In an earlier post, Who were we?, I wrote about our struggle to identify ourself as a platform company or a product company. Since I wrote that post I have been talking with two different persons who gave great arguments for when you want to stay away from the temptation of building platforms.

When I think of platforms, I think of industries like the automobile, mobile phone or medical industry. Big industries that has started to consolidate and where economy of scale is more and more important. I realise that this is an attractive route to go but before you do, consider these two arguments.

There is no return of investment

The first person works at Electrolux’s division for food preservation, i.e. fridges. He said that although they are looking at the benefits of developing their fridges based on platforms, there are questions to whether it will give good return on investment. I did not realise how segmented the fridge industry is and how different parts of the world want their fridges to look very different. Introducing platforms would mean heavy investments to rebuild their factories for seemingly no benefit to the customers.

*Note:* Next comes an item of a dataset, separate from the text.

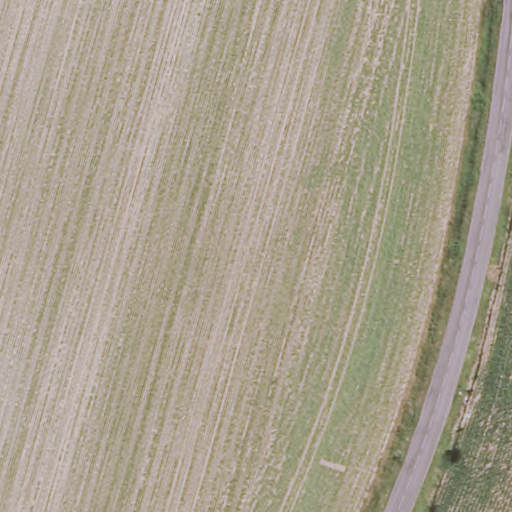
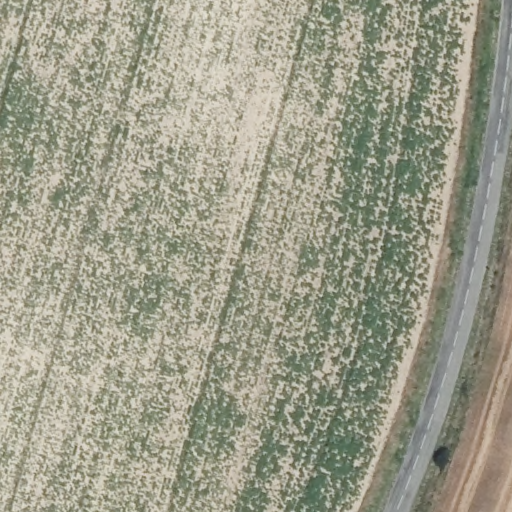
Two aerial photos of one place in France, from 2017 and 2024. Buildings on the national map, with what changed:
[]

Time to market is the most important thing

The second person works at Spotify. He was making the argument that sometimes the market window is not big enough for building platforms. Seizing the market opportunity is the most important thing and then you do not want to be caught in building platforms. To illustrate his point he said:

The platform is what is left behind when the train leaves the station.

I do not know if he coined this expression himself or if he have heard it somewhere but nevertheless it illustrate the point perfectly. If you are not careful your business opportunity might be lost if you are not fast enough.

Do you have any more good examples when platforms should be the focus?